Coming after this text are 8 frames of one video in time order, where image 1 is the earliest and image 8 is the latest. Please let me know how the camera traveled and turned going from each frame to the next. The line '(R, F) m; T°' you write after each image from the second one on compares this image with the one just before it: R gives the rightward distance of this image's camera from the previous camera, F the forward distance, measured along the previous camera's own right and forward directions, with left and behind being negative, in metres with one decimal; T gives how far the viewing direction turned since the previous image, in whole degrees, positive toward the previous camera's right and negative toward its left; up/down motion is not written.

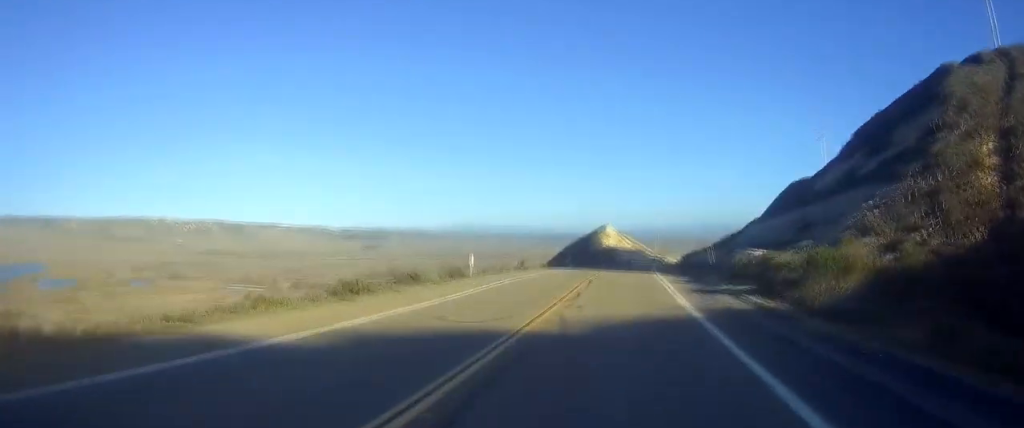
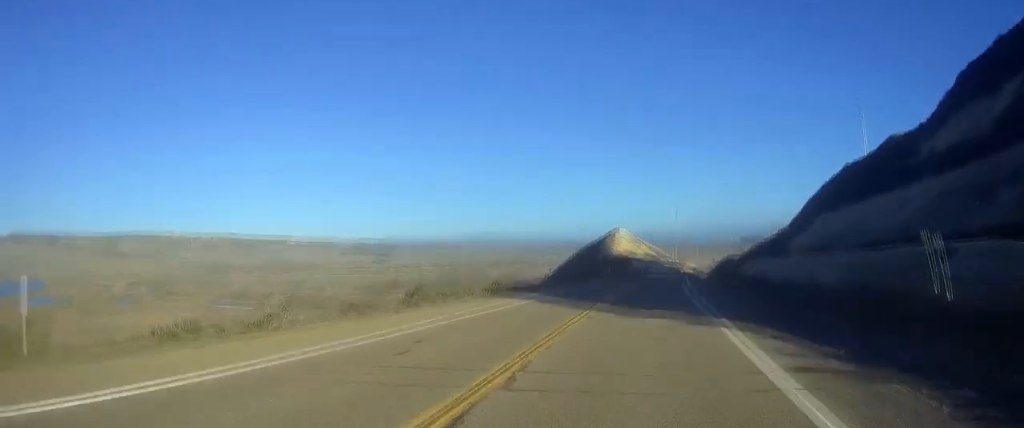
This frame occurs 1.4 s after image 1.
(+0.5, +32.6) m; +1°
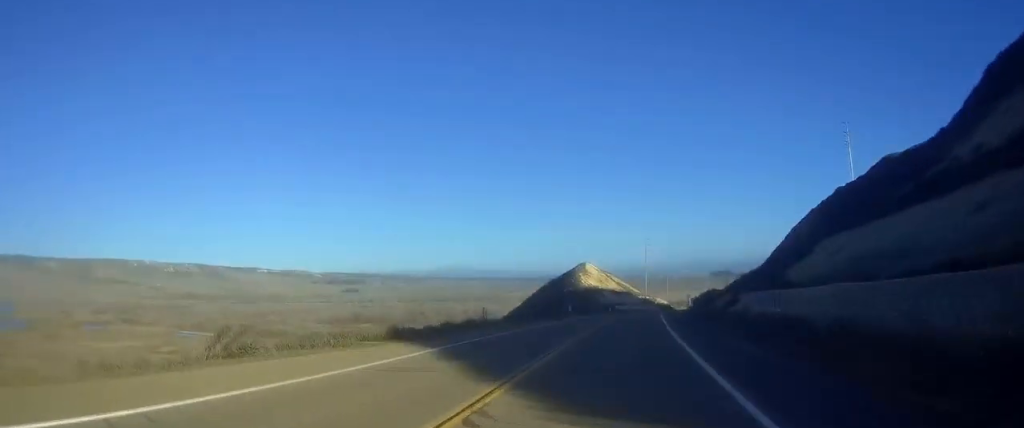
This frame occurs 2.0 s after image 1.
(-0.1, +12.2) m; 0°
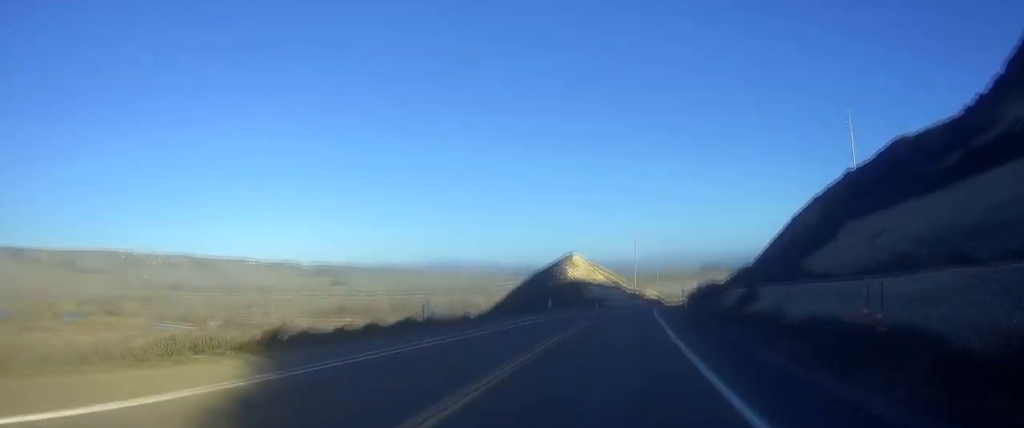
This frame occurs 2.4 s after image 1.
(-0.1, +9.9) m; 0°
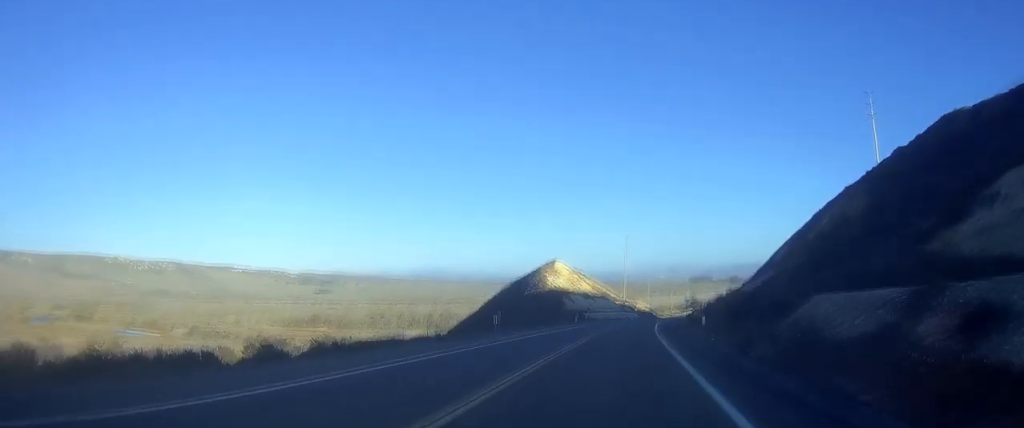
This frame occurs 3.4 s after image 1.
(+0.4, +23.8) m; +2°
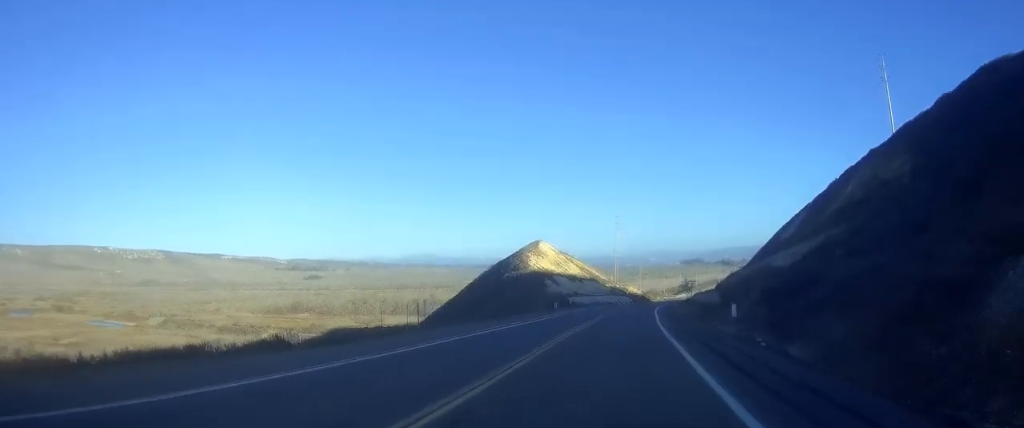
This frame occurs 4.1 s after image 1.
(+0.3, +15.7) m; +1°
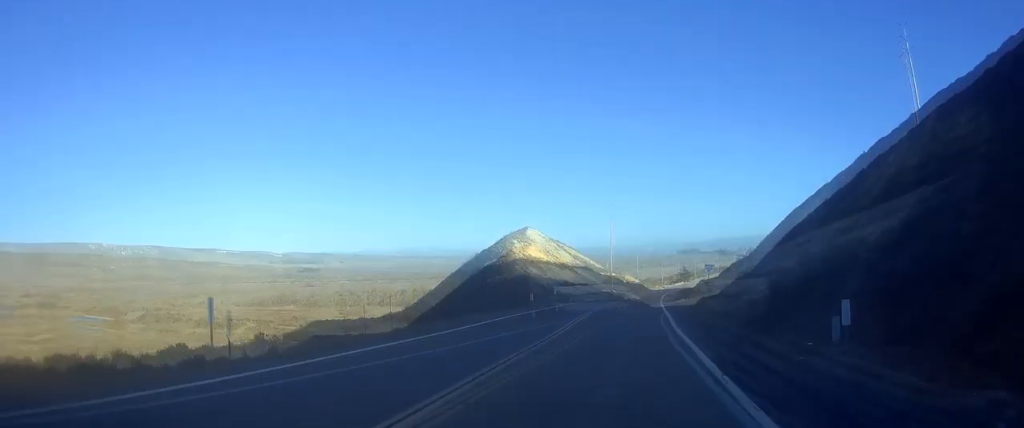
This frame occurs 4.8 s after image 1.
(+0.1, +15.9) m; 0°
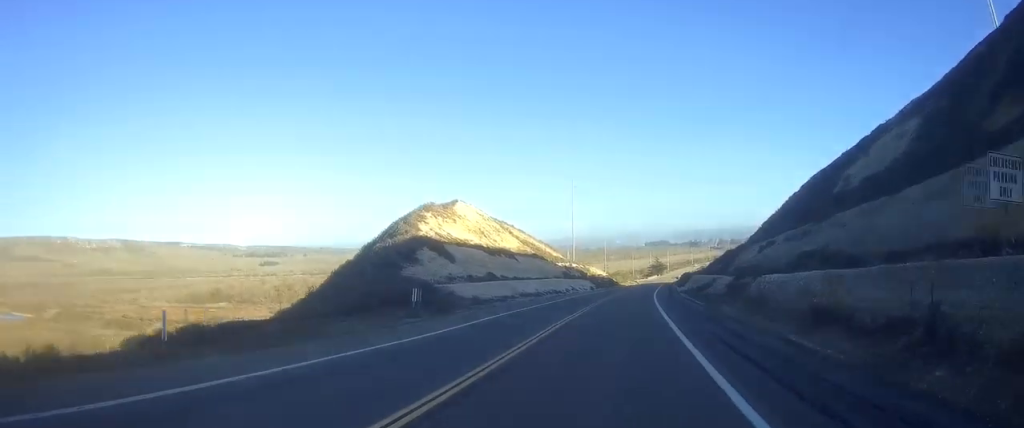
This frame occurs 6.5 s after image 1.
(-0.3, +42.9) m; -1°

##########

▶ **Exercise details**: The records above must be copied exactly, with no pictures carried over.

▶ **Task output**:
Coming after this text are 8 frames of one video in time order, where image 1 is the earliest and image 8 is the latest. Please let me know how the camera traveled and turned going from each frame to the next. The line '(R, F) m; T°' you write after each image from the second one on compares this image with the one just before it: R gives the rightward distance of this image's camera from the previous camera, F the forward distance, measured along the previous camera's own right and forward directions, with left and behind being negative, in metres with one decimal; T gives how far the viewing direction turned since the previous image, in whole degrees, positive toward the previous camera's right and negative toward its left; up/down motion is not written.

This frame occurs 1.4 s after image 1.
(+0.5, +32.6) m; +1°
This frame occurs 2.0 s after image 1.
(-0.1, +12.2) m; 0°
This frame occurs 2.4 s after image 1.
(-0.1, +9.9) m; 0°
This frame occurs 3.4 s after image 1.
(+0.4, +23.8) m; +2°
This frame occurs 4.1 s after image 1.
(+0.3, +15.7) m; +1°
This frame occurs 4.8 s after image 1.
(+0.1, +15.9) m; 0°
This frame occurs 6.5 s after image 1.
(-0.3, +42.9) m; -1°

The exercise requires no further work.